REQUIREMENT:
Extract every line below that contains the word "height".

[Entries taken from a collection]

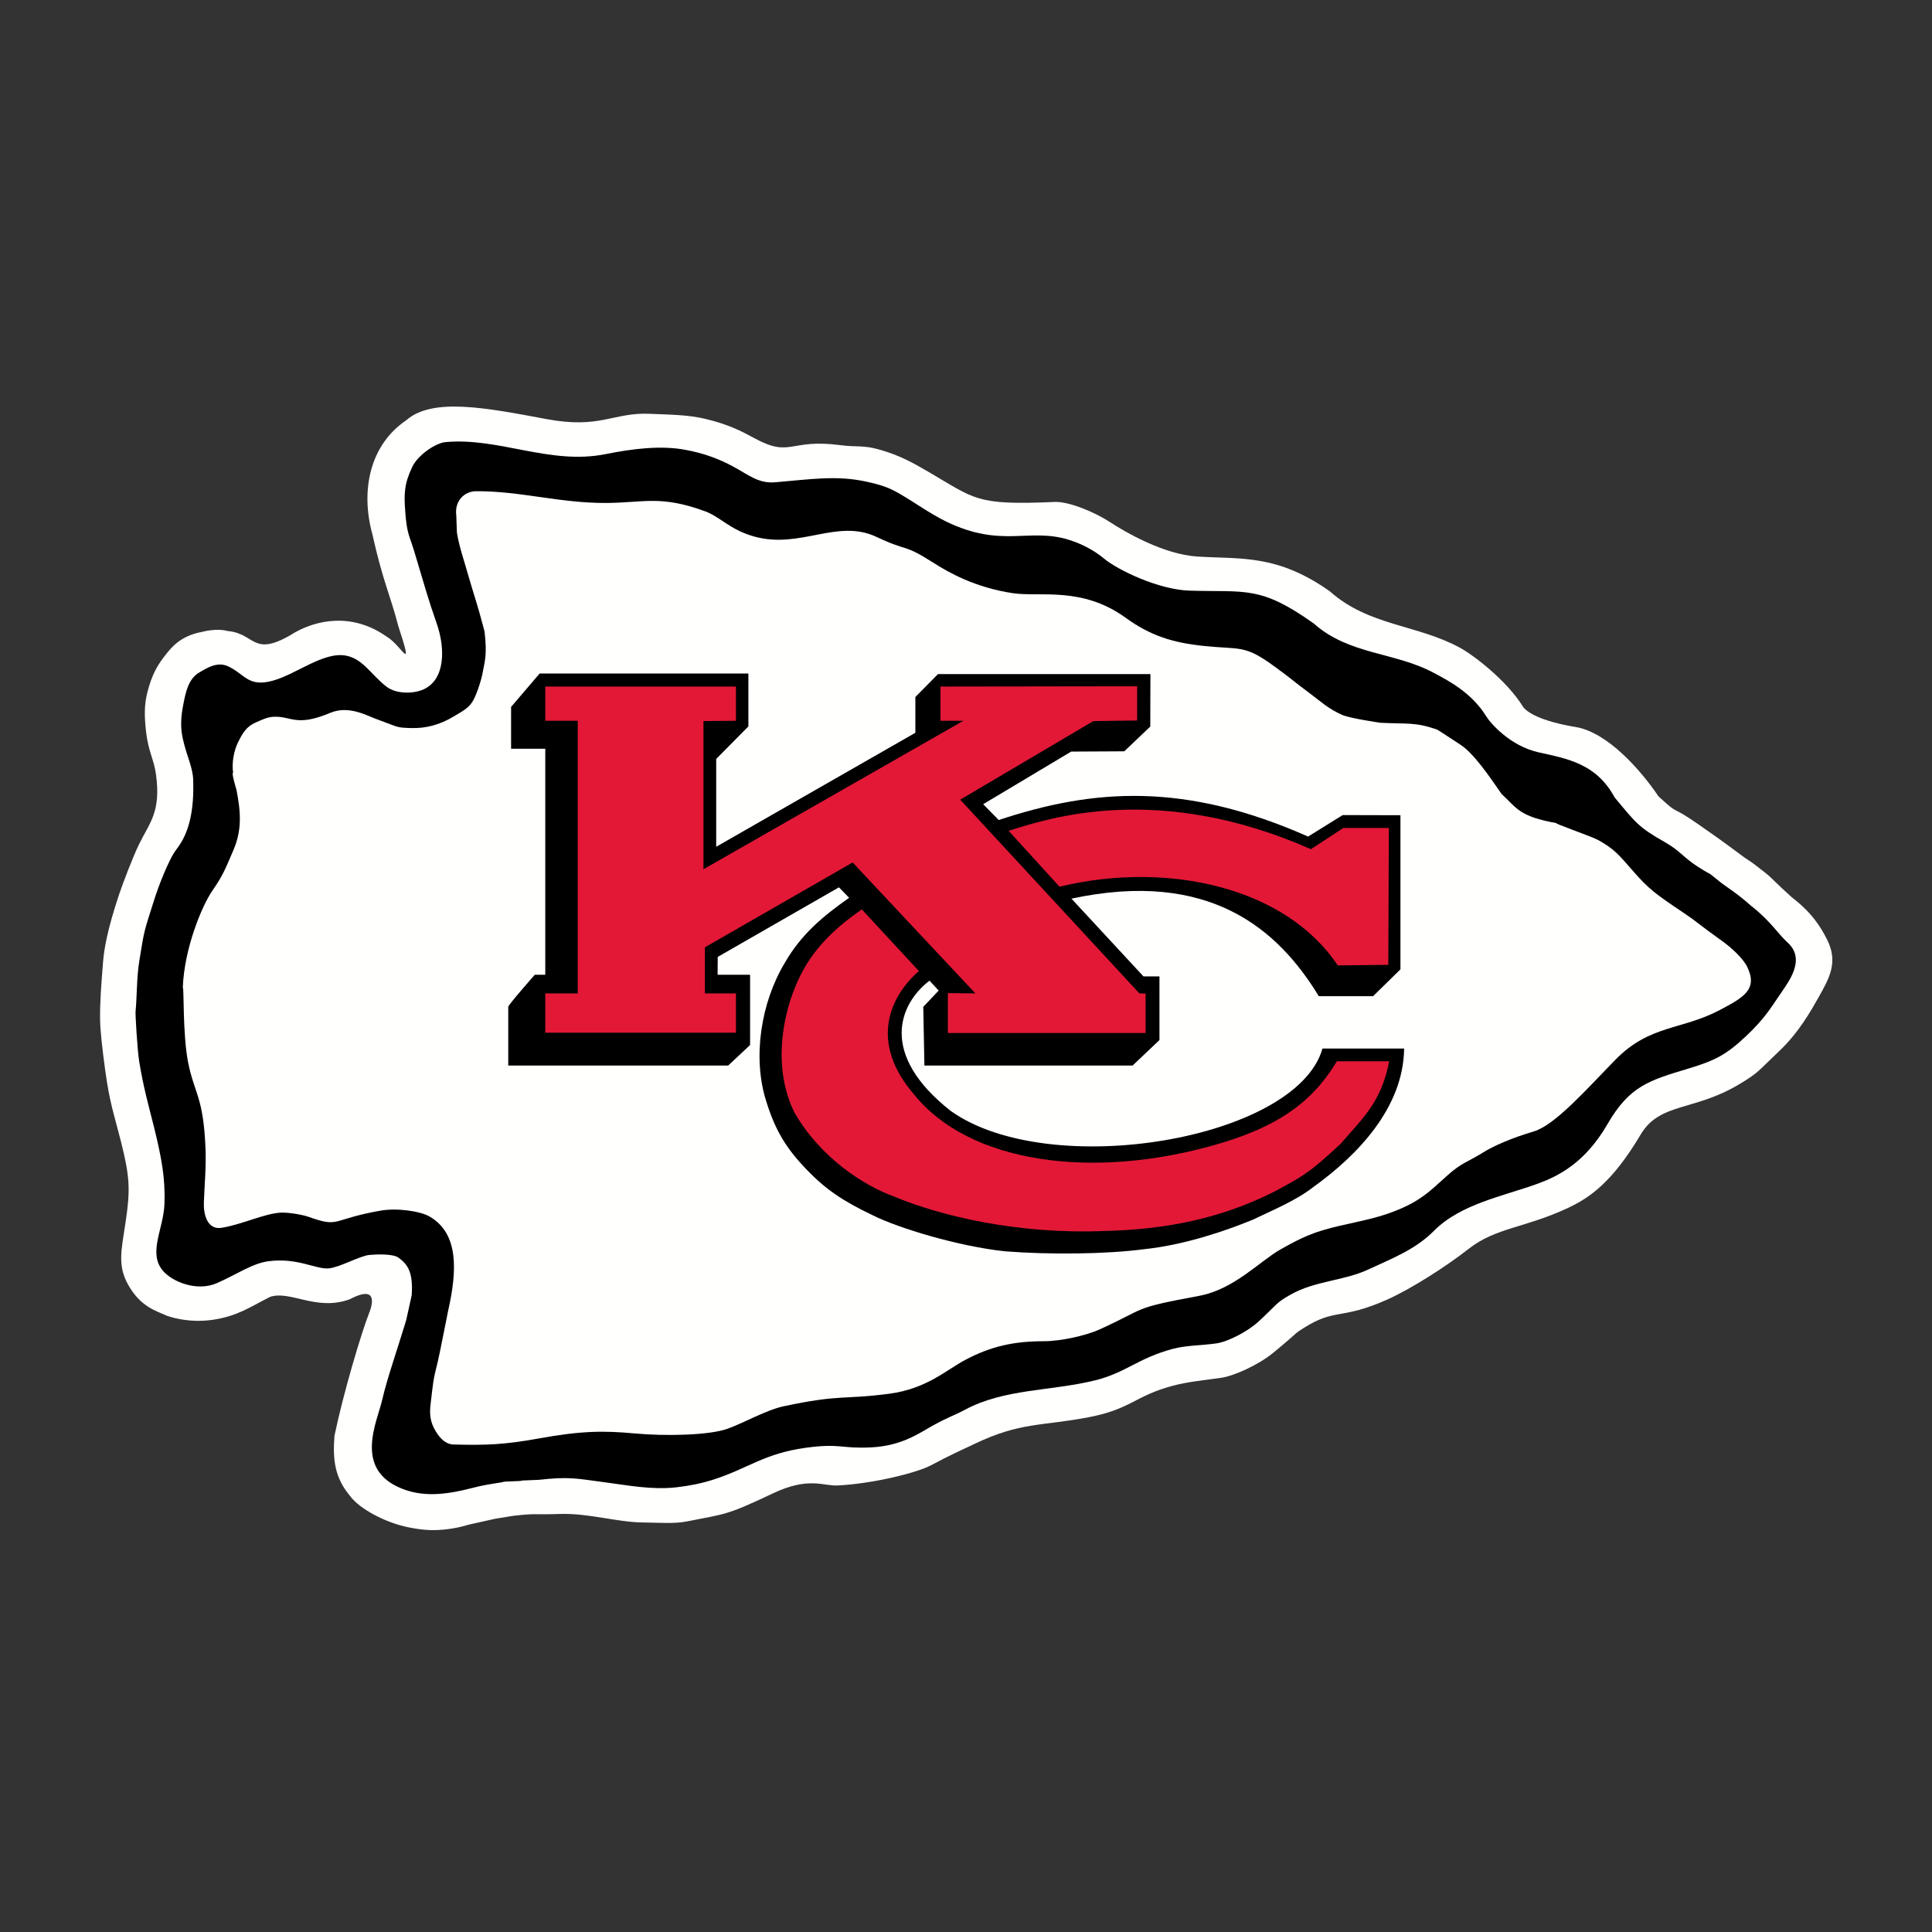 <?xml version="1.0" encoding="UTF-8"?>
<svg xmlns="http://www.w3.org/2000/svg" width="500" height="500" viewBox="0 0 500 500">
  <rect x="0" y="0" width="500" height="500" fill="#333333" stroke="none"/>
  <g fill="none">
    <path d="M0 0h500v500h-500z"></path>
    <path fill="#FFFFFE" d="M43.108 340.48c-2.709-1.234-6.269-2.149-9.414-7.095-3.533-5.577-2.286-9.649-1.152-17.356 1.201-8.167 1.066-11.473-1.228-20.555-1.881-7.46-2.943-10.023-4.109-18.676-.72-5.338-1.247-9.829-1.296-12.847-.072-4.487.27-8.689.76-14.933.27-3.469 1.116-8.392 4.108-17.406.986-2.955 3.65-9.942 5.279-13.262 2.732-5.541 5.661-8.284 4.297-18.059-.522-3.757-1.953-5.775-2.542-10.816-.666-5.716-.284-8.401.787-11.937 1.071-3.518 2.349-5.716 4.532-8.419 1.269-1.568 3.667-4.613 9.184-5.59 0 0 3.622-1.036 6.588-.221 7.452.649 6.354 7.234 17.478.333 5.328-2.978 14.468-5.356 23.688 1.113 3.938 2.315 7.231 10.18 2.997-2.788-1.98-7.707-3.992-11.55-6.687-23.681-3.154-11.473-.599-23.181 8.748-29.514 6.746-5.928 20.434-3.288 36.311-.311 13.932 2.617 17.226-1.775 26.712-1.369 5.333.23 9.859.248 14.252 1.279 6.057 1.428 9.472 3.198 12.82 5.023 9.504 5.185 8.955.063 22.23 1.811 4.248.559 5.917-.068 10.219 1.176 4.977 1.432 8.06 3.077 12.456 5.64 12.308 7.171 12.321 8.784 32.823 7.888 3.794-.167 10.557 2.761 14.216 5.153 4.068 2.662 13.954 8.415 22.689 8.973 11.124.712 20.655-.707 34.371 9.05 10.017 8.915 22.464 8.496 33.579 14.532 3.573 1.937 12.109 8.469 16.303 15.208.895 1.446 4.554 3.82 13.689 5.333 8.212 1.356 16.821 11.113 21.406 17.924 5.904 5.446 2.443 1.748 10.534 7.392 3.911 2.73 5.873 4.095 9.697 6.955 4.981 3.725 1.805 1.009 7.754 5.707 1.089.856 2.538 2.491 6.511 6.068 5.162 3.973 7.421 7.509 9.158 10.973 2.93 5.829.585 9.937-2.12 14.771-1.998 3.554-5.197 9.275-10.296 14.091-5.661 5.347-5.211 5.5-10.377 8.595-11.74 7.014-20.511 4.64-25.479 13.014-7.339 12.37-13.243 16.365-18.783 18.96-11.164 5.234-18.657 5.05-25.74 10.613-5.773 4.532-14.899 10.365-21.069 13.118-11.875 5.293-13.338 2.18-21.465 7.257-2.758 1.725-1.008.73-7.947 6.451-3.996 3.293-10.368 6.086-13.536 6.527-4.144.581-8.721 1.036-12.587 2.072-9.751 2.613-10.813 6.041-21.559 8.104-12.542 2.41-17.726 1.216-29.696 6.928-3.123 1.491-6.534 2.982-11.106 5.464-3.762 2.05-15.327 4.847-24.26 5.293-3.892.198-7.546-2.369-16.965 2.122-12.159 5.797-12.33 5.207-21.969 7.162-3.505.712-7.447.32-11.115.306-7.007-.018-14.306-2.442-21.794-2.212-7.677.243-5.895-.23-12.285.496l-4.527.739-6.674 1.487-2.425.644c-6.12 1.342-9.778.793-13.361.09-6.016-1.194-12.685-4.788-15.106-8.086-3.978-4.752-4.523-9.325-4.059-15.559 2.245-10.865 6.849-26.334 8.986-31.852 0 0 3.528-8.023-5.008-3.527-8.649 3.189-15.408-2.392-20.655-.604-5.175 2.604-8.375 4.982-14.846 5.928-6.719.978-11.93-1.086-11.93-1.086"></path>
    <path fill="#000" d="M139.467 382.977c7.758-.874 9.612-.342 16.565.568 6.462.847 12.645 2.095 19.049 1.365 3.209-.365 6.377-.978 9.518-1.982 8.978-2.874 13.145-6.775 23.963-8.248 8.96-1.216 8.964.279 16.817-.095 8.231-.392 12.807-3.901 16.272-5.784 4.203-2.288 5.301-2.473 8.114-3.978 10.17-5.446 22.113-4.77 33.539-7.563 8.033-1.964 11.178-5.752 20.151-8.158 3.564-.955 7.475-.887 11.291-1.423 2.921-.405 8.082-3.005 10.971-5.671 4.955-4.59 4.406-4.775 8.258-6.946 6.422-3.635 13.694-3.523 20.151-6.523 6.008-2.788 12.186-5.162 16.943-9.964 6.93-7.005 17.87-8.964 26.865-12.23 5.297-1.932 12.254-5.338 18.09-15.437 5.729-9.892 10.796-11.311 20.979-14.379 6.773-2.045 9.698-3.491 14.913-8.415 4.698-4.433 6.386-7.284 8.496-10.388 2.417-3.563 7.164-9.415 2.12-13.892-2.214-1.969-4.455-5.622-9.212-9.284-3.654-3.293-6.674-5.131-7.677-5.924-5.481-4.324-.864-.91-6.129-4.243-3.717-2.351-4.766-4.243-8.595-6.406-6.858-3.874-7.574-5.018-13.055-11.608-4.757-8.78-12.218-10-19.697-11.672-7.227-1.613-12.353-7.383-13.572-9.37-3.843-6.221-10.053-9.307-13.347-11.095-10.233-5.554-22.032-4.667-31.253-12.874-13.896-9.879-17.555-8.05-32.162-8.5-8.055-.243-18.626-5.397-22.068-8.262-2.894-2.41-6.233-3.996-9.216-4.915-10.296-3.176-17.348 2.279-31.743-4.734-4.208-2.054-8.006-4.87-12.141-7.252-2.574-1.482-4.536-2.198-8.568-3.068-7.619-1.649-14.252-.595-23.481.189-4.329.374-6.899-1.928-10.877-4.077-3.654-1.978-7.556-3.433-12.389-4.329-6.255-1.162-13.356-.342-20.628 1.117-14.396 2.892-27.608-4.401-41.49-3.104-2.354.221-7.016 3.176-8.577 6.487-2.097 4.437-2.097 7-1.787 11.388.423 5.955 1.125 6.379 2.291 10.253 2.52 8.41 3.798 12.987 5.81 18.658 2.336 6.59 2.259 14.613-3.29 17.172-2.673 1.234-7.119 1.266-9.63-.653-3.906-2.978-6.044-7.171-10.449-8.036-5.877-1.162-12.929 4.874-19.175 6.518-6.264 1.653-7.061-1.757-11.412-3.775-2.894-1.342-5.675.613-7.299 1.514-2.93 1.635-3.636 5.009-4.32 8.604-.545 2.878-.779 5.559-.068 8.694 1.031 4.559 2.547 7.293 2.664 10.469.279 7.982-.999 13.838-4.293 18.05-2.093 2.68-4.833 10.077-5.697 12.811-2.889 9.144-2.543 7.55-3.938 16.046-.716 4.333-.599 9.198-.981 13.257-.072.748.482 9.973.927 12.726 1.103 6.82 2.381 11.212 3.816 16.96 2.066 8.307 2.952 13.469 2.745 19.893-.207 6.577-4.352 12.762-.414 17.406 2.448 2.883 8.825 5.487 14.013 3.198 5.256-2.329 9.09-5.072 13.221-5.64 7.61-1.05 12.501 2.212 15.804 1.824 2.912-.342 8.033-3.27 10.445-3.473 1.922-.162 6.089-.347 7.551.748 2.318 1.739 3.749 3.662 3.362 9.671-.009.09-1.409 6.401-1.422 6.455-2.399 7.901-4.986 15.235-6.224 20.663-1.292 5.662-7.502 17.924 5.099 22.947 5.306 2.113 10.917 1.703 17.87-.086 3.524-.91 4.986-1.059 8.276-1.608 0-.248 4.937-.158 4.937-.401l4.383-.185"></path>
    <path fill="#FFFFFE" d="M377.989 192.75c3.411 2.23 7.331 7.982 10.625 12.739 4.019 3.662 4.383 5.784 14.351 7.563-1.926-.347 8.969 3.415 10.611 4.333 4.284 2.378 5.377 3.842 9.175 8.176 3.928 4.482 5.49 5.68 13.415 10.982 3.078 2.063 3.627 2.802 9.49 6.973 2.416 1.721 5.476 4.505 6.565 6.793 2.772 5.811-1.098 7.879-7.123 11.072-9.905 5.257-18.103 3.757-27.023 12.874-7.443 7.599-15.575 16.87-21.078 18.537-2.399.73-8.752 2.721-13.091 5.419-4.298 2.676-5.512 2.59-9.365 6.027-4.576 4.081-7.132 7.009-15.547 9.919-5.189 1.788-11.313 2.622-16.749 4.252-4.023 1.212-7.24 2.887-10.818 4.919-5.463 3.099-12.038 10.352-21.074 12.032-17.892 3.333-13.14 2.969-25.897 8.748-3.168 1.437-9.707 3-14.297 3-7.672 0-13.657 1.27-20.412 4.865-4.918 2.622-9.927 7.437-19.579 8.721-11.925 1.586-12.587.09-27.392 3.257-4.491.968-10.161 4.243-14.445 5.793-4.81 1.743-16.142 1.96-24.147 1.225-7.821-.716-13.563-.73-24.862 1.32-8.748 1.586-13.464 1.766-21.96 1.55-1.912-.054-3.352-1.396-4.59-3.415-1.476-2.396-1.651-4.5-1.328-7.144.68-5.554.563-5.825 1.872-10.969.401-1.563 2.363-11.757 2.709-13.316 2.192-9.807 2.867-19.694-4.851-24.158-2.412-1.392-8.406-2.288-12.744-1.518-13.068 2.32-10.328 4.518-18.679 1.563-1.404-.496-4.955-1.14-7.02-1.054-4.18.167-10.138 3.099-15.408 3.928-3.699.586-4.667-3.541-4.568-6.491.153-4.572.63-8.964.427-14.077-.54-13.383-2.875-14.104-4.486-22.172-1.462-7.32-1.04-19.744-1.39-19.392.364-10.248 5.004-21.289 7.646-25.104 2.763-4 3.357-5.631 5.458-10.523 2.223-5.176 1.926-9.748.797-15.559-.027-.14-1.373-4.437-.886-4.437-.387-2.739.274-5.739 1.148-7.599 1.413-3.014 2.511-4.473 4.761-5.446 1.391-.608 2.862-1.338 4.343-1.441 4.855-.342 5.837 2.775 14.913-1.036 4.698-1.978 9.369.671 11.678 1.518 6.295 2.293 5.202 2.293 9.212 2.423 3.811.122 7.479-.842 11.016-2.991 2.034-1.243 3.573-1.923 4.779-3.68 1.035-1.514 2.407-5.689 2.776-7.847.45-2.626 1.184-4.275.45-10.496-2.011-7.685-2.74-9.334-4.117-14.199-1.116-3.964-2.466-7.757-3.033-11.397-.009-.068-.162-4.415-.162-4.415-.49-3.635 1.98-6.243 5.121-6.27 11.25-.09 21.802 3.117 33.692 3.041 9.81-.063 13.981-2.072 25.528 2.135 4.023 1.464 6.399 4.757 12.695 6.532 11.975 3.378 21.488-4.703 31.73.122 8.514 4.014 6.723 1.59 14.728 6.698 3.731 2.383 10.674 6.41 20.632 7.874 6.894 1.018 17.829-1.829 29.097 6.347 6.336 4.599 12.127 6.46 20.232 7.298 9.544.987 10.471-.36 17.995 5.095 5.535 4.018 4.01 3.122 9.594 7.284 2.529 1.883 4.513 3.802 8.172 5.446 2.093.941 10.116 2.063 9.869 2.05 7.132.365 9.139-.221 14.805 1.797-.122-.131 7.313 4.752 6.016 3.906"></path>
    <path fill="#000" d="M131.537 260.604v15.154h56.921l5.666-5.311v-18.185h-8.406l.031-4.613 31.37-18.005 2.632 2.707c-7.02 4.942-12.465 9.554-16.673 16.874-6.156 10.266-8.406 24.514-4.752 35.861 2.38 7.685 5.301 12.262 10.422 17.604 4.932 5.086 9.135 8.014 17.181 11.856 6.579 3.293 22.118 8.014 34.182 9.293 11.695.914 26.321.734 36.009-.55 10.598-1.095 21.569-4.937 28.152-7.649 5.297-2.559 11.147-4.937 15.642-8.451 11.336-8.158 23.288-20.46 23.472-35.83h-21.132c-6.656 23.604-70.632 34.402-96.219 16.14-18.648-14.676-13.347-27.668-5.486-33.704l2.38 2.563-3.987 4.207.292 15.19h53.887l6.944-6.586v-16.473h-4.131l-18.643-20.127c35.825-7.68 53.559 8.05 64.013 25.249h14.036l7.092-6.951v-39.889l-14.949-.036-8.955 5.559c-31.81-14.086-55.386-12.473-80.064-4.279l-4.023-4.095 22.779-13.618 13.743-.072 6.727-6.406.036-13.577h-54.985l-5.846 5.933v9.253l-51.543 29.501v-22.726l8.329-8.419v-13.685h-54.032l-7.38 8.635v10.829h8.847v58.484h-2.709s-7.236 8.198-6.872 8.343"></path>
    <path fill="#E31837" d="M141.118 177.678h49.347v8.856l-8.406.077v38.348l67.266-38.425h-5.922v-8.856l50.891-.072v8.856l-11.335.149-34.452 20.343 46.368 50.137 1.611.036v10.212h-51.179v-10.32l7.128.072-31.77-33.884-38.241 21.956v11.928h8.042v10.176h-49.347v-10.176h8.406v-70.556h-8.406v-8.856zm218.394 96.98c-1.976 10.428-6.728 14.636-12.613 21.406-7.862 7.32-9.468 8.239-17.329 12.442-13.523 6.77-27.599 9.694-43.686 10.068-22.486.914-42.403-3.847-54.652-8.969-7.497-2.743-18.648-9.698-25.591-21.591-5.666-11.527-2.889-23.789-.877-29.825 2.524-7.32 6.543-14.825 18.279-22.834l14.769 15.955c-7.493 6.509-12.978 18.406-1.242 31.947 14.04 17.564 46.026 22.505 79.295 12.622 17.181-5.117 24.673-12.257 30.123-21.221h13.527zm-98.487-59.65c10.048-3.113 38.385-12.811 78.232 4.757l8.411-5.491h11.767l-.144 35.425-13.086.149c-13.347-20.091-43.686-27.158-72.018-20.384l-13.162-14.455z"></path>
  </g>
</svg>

RESPONSE TO THIS TASK:
<svg xmlns="http://www.w3.org/2000/svg" width="500" height="500" viewBox="0 0 500 500">
  <rect x="0" y="0" width="500" height="500" fill="#333333" stroke="none"/>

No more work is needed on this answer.